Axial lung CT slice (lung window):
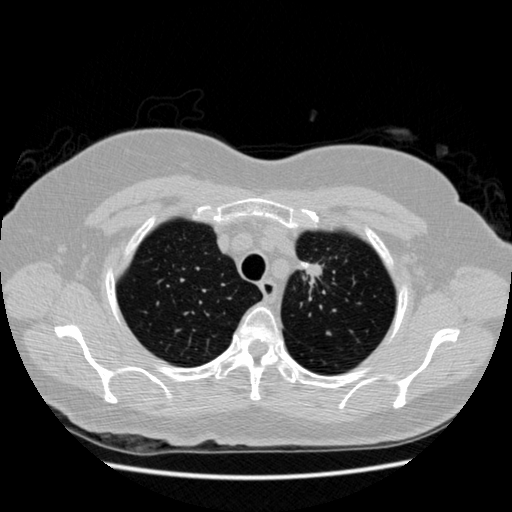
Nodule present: yes
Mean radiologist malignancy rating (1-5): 4
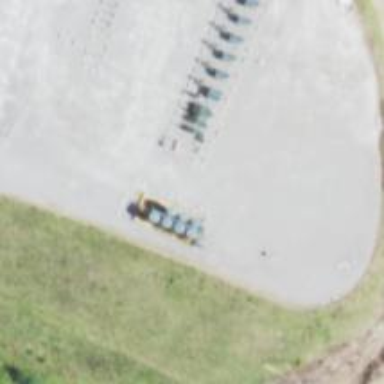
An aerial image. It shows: Storage tank that is man-made.
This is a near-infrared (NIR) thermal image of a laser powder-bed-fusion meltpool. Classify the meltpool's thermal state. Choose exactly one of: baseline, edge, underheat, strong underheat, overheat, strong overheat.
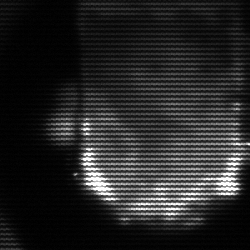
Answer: baseline
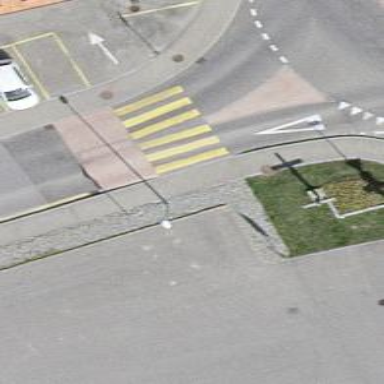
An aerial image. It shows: Uncontrolled zebra crossing on the road.
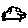
Label: car
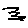
Label: zigzag
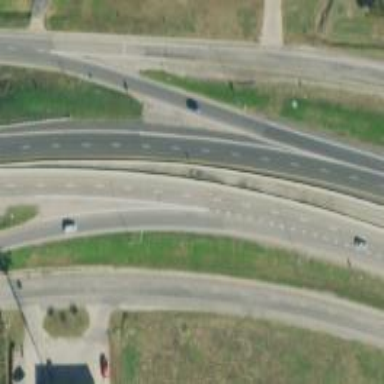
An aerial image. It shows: This image shows trunk highway that functions as expressway.
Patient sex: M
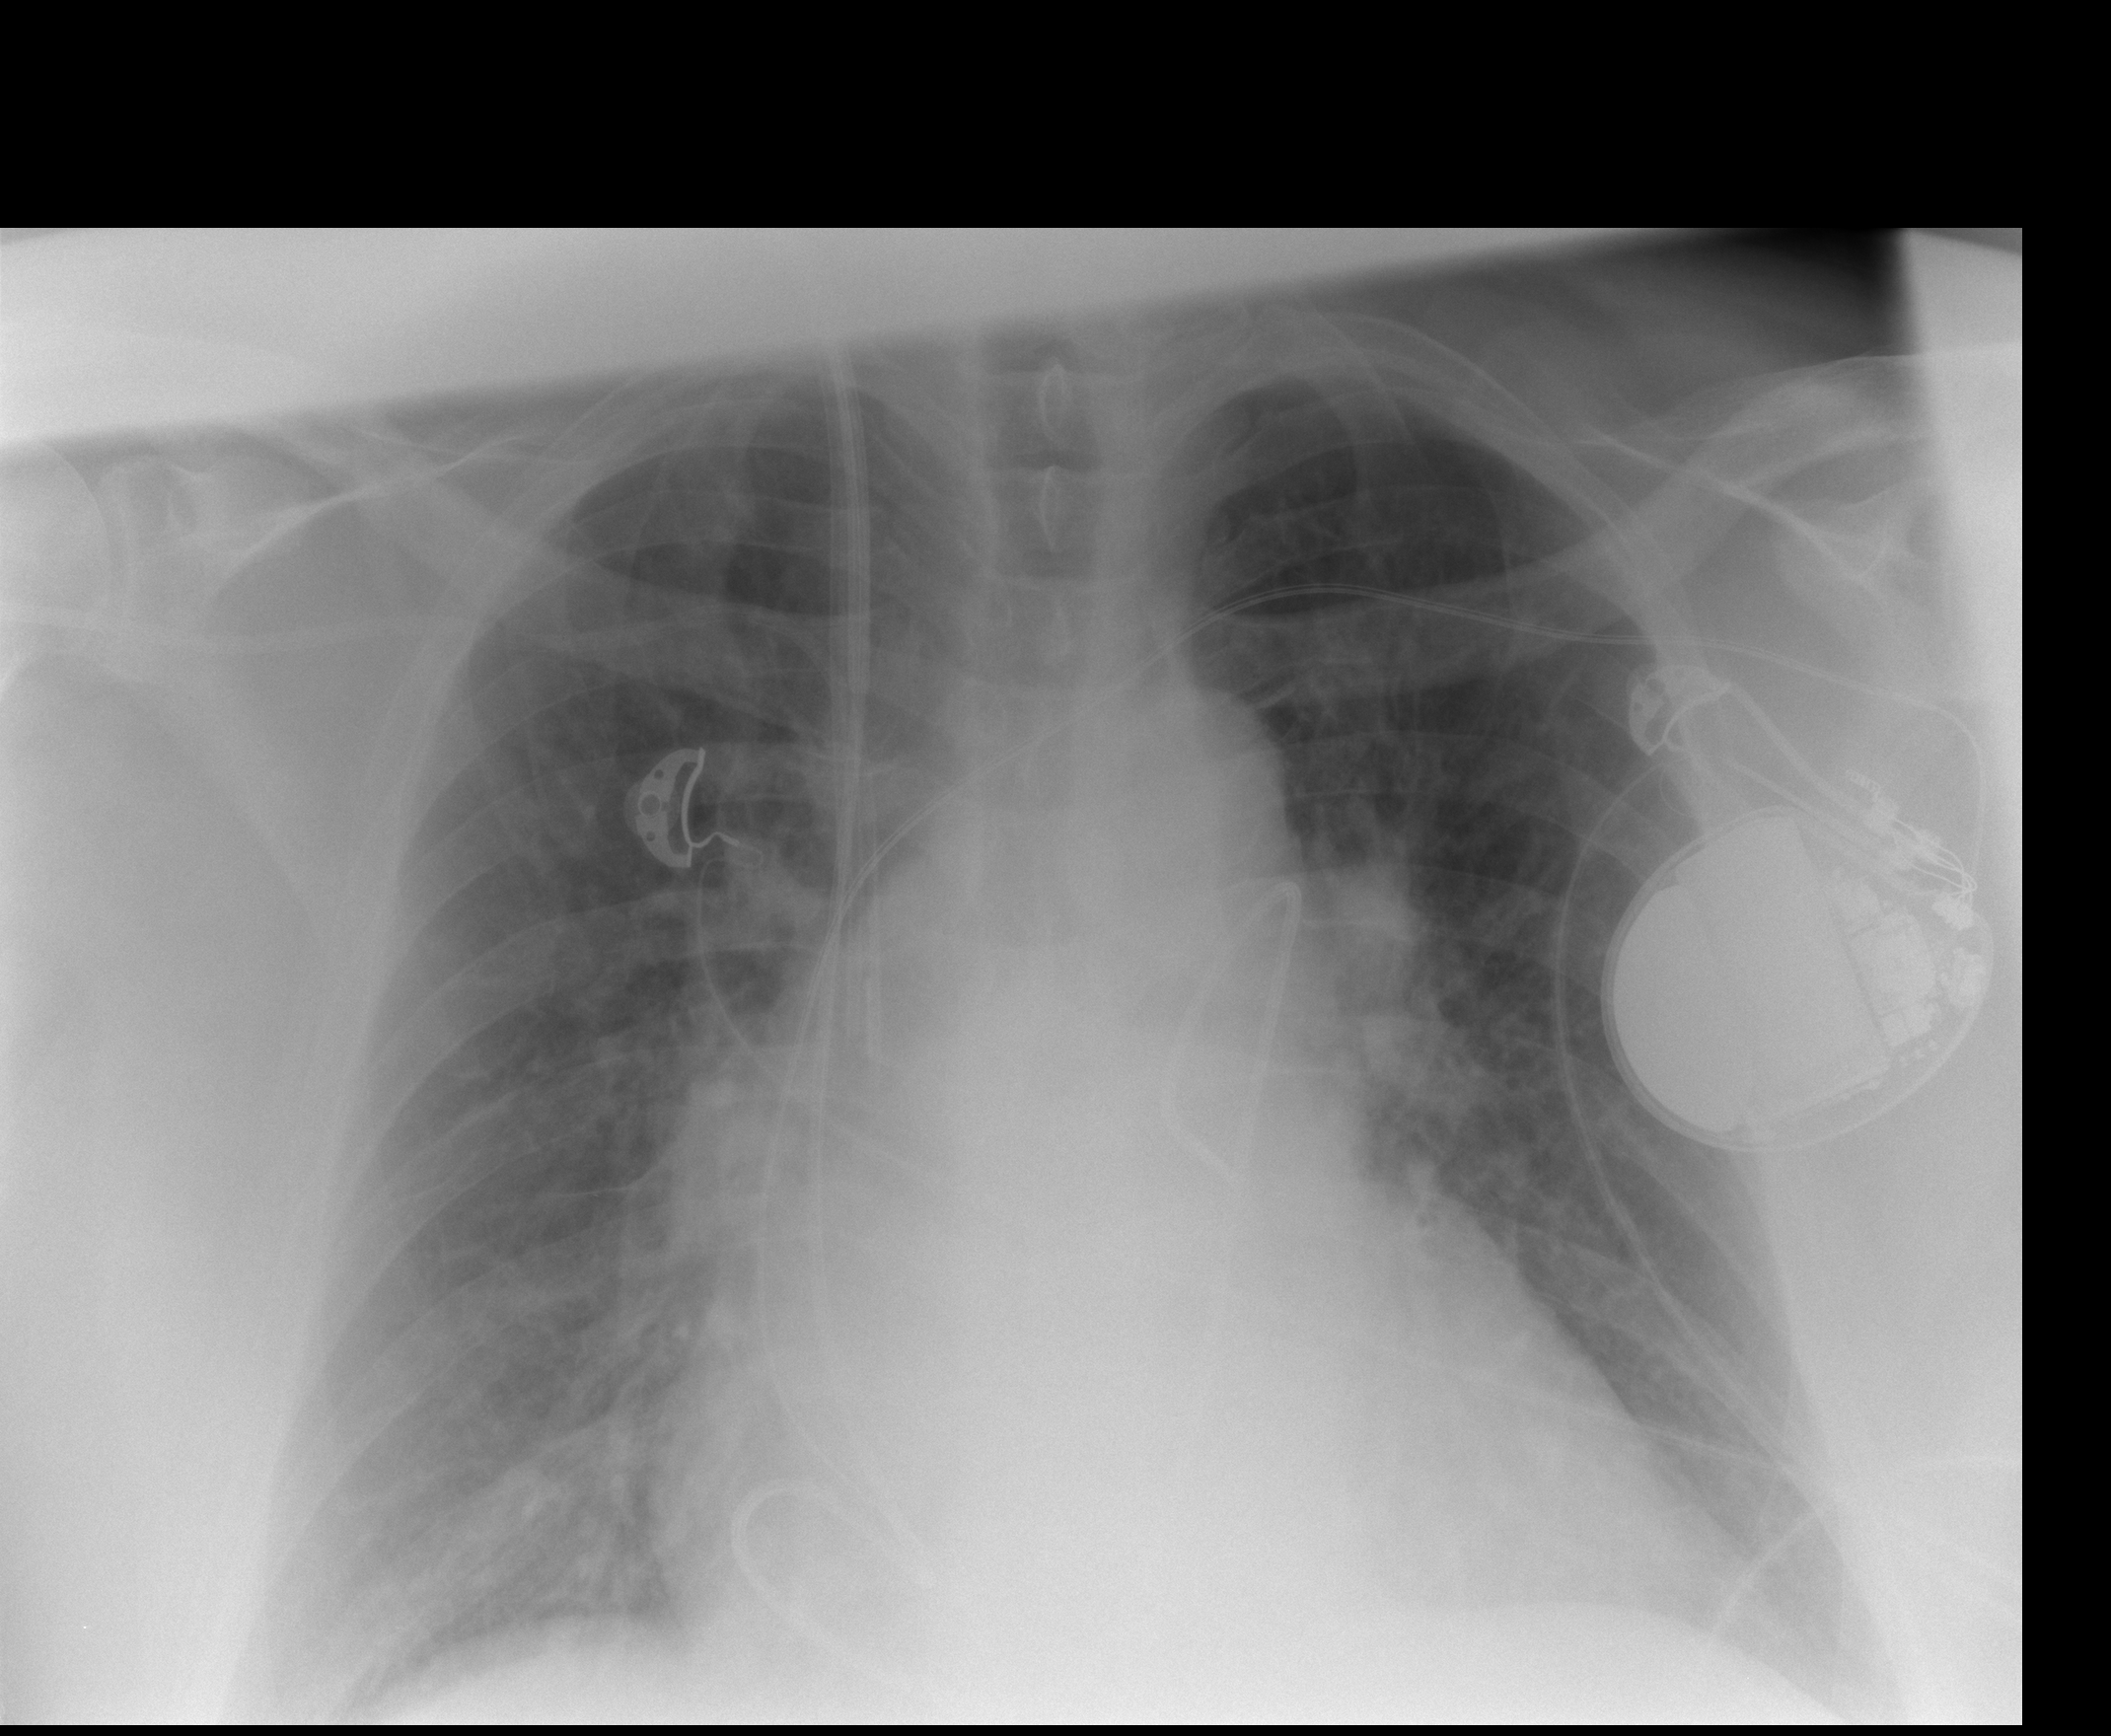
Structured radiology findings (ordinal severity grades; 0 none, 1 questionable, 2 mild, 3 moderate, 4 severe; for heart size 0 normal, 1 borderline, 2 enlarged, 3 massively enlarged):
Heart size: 2
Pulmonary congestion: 2
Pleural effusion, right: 0
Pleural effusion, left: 0
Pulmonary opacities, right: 0
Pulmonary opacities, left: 0
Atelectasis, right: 0
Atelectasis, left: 0
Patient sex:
━━━━━━━━
Every line above should be repeated exactly; pictures stay out of the copy.

_SOLUTION_.
Axial lung CT slice (lung window):
Nodule present: yes
Mean radiologist malignancy rating (1-5): 4
An aerial image. It shows: Storage tank that is man-made.
This is a near-infrared (NIR) thermal image of a laser powder-bed-fusion meltpool. Classify the meltpool's thermal state. Choose exactly one of: baseline, edge, underheat, strong underheat, overheat, strong overheat.
Answer: baseline
An aerial image. It shows: Uncontrolled zebra crossing on the road.
Label: car
Label: zigzag
An aerial image. It shows: This image shows trunk highway that functions as expressway.
Patient sex: M
Structured radiology findings (ordinal severity grades; 0 none, 1 questionable, 2 mild, 3 moderate, 4 severe; for heart size 0 normal, 1 borderline, 2 enlarged, 3 massively enlarged):
Heart size: 2
Pulmonary congestion: 2
Pleural effusion, right: 0
Pleural effusion, left: 0
Pulmonary opacities, right: 0
Pulmonary opacities, left: 0
Atelectasis, right: 0
Atelectasis, left: 0
Patient sex:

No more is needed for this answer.